> _Entries shown_:
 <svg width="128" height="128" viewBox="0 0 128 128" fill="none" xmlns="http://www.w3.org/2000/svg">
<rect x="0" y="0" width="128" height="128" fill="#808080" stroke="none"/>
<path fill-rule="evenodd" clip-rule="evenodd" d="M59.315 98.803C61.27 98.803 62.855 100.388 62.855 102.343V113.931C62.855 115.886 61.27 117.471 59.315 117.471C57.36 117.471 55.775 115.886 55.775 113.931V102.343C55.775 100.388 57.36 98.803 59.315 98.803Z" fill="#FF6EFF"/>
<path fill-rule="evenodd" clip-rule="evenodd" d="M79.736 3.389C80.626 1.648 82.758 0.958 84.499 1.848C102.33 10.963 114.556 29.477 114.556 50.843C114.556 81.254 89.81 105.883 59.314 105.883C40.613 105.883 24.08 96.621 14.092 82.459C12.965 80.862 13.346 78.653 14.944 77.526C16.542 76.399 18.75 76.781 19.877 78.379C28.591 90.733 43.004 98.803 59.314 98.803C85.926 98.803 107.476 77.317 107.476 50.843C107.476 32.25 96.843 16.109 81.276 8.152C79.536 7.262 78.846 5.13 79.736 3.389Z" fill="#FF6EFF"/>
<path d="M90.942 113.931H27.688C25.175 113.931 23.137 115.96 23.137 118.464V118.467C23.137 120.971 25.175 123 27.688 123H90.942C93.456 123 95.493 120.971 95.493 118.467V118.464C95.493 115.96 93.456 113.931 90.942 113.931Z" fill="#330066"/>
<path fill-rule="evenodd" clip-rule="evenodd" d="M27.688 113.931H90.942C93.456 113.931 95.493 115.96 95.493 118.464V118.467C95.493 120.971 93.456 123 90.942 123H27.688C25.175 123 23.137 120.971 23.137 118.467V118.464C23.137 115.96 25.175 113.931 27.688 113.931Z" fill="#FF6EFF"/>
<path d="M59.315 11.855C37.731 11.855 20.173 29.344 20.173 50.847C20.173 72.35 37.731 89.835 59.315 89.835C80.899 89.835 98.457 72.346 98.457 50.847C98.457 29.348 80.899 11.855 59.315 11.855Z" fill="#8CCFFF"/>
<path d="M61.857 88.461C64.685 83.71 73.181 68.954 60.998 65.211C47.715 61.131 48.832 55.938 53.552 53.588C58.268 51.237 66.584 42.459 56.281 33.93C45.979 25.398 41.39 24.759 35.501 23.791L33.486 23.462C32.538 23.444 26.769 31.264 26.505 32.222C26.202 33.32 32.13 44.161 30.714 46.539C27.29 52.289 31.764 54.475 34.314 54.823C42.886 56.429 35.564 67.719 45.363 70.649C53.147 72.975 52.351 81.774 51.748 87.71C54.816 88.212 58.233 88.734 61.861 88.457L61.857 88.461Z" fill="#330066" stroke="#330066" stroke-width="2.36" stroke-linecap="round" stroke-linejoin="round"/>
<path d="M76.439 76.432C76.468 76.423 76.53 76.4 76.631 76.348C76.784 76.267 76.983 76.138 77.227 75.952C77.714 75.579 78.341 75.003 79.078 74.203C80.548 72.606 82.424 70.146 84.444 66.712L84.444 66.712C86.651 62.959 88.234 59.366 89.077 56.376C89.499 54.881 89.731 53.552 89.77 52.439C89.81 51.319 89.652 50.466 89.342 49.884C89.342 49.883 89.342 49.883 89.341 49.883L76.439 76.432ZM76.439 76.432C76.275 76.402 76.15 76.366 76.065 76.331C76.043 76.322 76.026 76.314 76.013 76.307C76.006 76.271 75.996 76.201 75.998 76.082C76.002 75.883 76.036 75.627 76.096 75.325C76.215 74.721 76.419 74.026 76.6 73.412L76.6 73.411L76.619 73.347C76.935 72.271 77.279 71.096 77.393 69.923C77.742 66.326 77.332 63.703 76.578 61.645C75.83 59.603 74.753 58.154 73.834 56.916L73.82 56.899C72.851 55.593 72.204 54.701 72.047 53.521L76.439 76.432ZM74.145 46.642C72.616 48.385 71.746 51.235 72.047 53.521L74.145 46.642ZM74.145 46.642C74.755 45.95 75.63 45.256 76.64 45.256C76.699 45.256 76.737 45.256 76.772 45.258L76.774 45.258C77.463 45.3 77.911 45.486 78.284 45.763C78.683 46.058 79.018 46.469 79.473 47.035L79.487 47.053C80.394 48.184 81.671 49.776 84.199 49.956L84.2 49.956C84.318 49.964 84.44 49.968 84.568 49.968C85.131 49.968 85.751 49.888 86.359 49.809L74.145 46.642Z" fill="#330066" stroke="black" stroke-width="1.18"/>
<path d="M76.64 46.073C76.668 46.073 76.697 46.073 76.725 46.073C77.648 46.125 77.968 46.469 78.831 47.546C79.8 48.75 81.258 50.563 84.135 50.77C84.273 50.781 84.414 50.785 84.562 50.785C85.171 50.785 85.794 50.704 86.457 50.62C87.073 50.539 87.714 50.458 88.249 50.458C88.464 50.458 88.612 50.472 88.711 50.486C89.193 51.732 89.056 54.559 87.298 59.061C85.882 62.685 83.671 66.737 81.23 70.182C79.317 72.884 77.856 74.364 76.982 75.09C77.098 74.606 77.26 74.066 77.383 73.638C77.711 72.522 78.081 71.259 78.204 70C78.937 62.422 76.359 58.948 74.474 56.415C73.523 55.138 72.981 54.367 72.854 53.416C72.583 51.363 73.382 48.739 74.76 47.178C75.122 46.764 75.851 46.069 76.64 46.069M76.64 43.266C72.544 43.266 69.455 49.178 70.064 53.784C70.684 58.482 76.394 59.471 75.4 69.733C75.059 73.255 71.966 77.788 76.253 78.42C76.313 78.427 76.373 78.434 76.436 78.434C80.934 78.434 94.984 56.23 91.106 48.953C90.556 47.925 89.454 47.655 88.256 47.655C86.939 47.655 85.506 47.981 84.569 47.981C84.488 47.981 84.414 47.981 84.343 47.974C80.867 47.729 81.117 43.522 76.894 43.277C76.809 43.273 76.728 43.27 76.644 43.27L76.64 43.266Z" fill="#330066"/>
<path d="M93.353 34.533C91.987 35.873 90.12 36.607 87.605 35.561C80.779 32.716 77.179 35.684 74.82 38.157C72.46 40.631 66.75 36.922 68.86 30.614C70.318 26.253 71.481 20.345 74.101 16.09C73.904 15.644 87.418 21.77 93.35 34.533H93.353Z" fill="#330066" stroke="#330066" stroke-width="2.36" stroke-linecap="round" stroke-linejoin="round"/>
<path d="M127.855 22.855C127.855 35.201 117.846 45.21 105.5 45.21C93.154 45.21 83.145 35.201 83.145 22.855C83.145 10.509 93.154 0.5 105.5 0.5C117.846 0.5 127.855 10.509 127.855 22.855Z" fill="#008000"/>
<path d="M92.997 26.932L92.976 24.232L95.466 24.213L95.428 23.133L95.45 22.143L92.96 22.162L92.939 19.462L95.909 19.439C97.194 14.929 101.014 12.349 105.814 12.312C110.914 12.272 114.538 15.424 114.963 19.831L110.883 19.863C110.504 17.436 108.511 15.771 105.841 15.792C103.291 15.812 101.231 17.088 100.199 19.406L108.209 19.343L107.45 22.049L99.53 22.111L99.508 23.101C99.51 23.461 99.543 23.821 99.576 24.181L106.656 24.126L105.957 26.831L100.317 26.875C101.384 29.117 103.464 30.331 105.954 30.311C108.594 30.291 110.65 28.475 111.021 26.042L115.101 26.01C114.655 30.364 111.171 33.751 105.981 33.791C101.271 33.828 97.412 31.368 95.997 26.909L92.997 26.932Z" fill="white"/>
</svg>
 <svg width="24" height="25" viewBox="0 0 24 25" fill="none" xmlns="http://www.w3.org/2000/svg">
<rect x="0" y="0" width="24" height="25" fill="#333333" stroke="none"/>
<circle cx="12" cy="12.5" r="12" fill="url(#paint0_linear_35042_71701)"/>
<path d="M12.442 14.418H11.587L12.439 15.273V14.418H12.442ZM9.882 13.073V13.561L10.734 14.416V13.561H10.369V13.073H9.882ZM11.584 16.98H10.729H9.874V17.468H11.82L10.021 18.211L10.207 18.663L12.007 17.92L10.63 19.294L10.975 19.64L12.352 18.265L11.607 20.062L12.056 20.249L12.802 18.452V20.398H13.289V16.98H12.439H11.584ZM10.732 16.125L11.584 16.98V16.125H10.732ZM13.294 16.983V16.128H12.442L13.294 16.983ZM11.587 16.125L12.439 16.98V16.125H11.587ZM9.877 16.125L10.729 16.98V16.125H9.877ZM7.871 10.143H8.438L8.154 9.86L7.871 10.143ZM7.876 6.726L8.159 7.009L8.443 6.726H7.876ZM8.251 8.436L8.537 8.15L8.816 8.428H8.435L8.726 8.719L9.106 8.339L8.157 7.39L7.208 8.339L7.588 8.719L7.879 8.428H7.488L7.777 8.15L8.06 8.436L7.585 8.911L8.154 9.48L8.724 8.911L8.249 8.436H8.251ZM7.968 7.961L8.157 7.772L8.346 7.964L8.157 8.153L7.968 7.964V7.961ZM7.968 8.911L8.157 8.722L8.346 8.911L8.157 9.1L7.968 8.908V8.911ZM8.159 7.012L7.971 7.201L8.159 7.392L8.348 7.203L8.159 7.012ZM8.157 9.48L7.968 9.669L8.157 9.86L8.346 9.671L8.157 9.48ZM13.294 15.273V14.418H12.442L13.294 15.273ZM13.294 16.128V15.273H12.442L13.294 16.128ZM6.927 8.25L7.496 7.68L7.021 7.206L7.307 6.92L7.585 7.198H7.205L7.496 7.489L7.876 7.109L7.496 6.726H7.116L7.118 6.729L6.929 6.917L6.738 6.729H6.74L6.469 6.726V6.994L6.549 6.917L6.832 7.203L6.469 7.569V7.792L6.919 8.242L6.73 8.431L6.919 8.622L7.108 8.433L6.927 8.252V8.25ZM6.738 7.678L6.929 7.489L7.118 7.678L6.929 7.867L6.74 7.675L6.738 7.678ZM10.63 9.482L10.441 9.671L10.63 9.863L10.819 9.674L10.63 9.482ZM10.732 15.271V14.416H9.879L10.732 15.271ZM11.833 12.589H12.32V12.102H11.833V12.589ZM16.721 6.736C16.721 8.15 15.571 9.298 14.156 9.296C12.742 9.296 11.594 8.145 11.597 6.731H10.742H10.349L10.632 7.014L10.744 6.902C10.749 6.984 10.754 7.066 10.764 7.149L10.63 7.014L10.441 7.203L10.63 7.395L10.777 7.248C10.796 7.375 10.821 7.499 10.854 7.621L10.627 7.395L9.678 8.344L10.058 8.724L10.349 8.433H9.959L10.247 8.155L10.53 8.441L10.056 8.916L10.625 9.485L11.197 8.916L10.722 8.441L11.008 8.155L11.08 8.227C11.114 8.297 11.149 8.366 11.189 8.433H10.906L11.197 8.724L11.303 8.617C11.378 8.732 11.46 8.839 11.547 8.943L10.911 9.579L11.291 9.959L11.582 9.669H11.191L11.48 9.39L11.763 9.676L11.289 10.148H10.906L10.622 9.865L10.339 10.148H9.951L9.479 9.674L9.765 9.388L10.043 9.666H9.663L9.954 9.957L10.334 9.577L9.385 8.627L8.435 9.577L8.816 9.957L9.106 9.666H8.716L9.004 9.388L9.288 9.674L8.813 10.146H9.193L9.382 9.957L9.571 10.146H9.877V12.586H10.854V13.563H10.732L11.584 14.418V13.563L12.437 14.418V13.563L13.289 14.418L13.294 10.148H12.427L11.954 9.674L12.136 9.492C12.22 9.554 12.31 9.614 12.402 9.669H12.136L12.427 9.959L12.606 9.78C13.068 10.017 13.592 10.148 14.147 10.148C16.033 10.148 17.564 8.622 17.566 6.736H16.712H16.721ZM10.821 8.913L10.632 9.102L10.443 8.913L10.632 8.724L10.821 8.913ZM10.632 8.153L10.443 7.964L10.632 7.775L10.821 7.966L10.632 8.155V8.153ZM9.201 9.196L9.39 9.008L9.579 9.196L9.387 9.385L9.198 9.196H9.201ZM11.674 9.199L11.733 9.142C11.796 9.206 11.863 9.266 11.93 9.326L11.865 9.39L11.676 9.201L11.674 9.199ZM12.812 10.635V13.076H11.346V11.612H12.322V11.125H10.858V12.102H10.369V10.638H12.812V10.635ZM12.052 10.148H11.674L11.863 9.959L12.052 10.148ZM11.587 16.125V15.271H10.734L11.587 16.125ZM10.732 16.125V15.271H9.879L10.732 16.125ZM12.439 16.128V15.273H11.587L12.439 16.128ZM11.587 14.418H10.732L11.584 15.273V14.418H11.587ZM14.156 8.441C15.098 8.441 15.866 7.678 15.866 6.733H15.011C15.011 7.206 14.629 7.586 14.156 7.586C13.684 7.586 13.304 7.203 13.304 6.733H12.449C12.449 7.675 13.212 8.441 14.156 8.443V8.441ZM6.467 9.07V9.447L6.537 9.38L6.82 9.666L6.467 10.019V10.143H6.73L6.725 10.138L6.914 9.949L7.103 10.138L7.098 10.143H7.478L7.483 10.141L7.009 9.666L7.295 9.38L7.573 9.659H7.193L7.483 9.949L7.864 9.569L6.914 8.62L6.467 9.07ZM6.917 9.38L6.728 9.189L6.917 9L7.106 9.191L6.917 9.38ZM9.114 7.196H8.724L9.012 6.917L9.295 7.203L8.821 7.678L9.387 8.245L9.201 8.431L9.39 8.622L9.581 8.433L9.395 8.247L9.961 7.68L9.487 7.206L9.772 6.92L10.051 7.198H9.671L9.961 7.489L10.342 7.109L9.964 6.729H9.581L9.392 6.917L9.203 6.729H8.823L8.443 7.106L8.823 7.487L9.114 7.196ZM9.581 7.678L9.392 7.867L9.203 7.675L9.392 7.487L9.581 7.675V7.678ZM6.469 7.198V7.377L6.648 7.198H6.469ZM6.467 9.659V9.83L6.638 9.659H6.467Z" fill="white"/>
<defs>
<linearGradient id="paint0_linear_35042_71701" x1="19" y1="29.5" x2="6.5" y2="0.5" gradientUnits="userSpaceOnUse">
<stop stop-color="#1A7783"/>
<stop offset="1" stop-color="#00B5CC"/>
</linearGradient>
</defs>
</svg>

> _Your goal_: Would you show each line of the listing above that has the string "rect"?

> _Answer area_:
<rect x="0" y="0" width="128" height="128" fill="#808080" stroke="none"/>
<rect x="0" y="0" width="24" height="25" fill="#333333" stroke="none"/>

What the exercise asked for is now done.